■ What to do: Every record should be restated exactly, with no images included.

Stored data
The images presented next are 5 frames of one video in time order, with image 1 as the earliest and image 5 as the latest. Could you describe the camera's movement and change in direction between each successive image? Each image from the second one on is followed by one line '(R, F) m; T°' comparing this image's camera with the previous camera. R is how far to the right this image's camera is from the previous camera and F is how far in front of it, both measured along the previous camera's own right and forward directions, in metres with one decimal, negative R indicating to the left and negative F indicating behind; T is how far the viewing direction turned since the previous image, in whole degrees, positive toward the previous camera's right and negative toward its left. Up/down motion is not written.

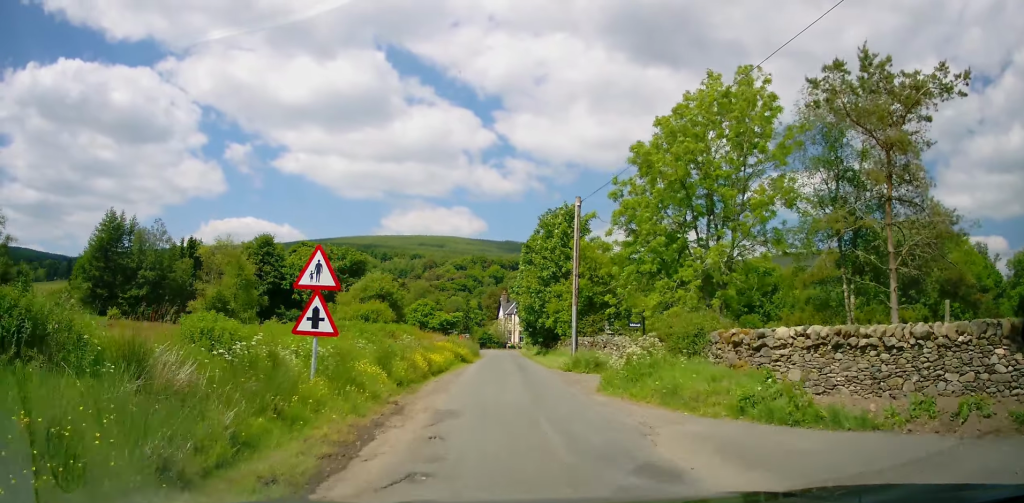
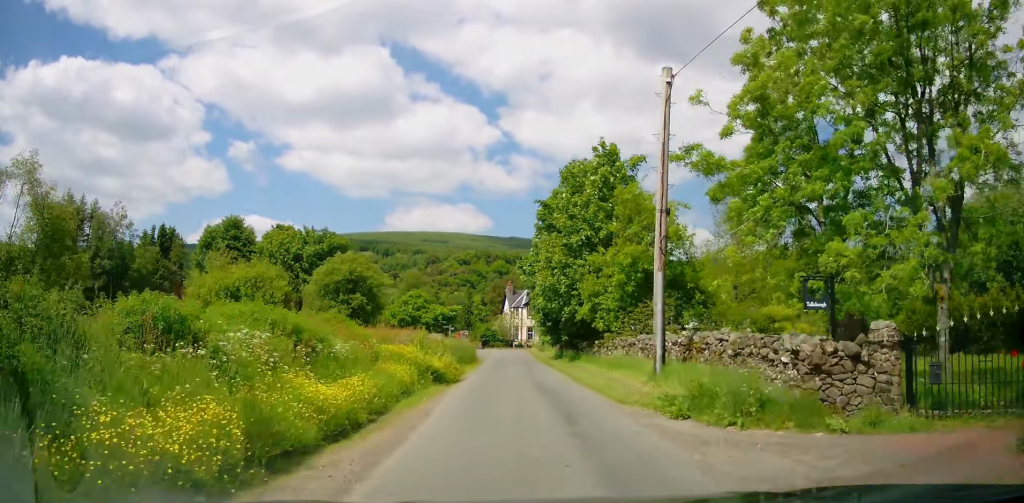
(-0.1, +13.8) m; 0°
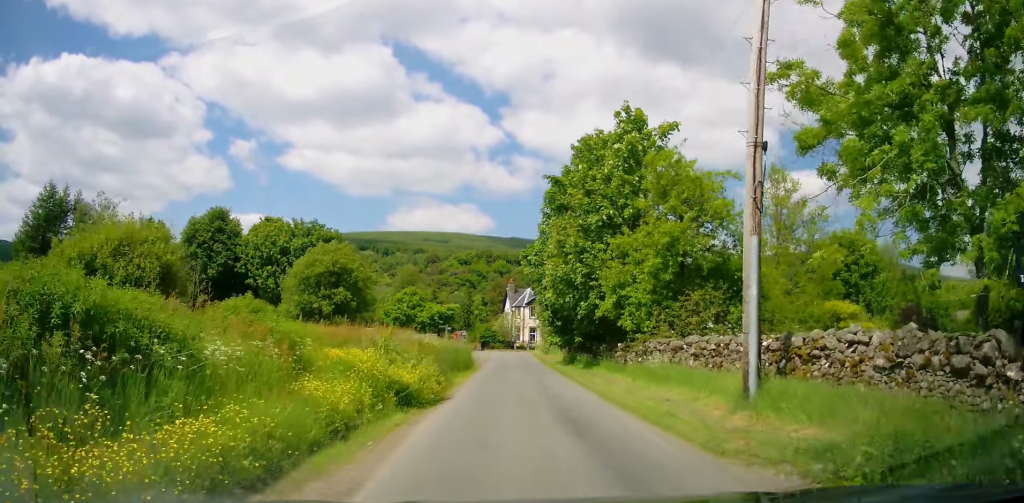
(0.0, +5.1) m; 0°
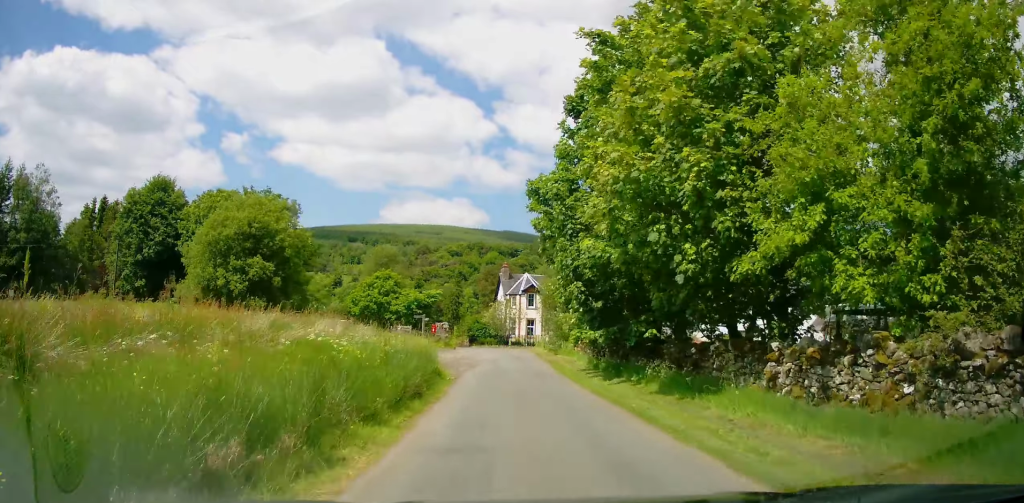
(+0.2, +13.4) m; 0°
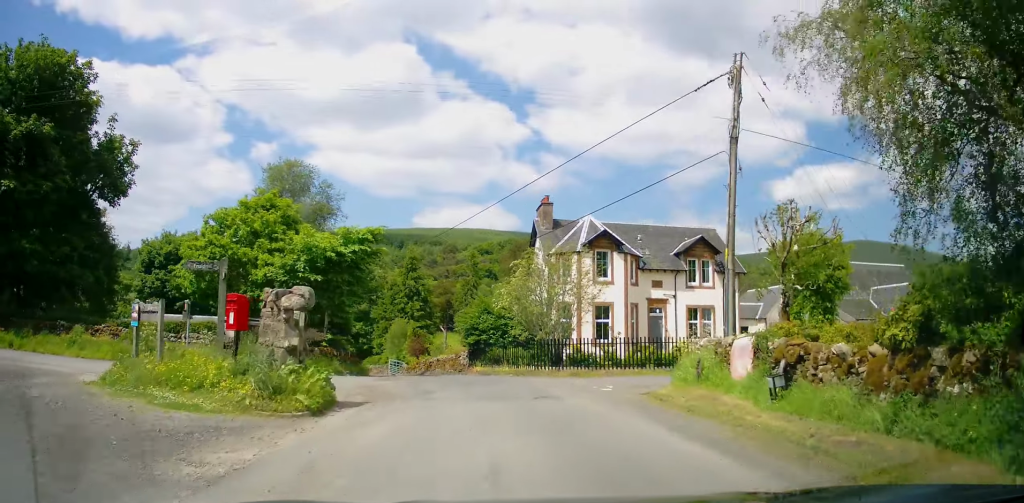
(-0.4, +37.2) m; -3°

■ Task answer:
The images presented next are 5 frames of one video in time order, with image 1 as the earliest and image 5 as the latest. Could you describe the camera's movement and change in direction between each successive image? Each image from the second one on is followed by one line '(R, F) m; T°' comparing this image's camera with the previous camera. R is how far to the right this image's camera is from the previous camera and F is how far in front of it, both measured along the previous camera's own right and forward directions, in metres with one decimal, negative R indicating to the left and negative F indicating behind; T is how far the viewing direction turned since the previous image, in whole degrees, positive toward the previous camera's right and negative toward its left. Up/down motion is not written.

(-0.1, +13.8) m; 0°
(0.0, +5.1) m; 0°
(+0.2, +13.4) m; 0°
(-0.4, +37.2) m; -3°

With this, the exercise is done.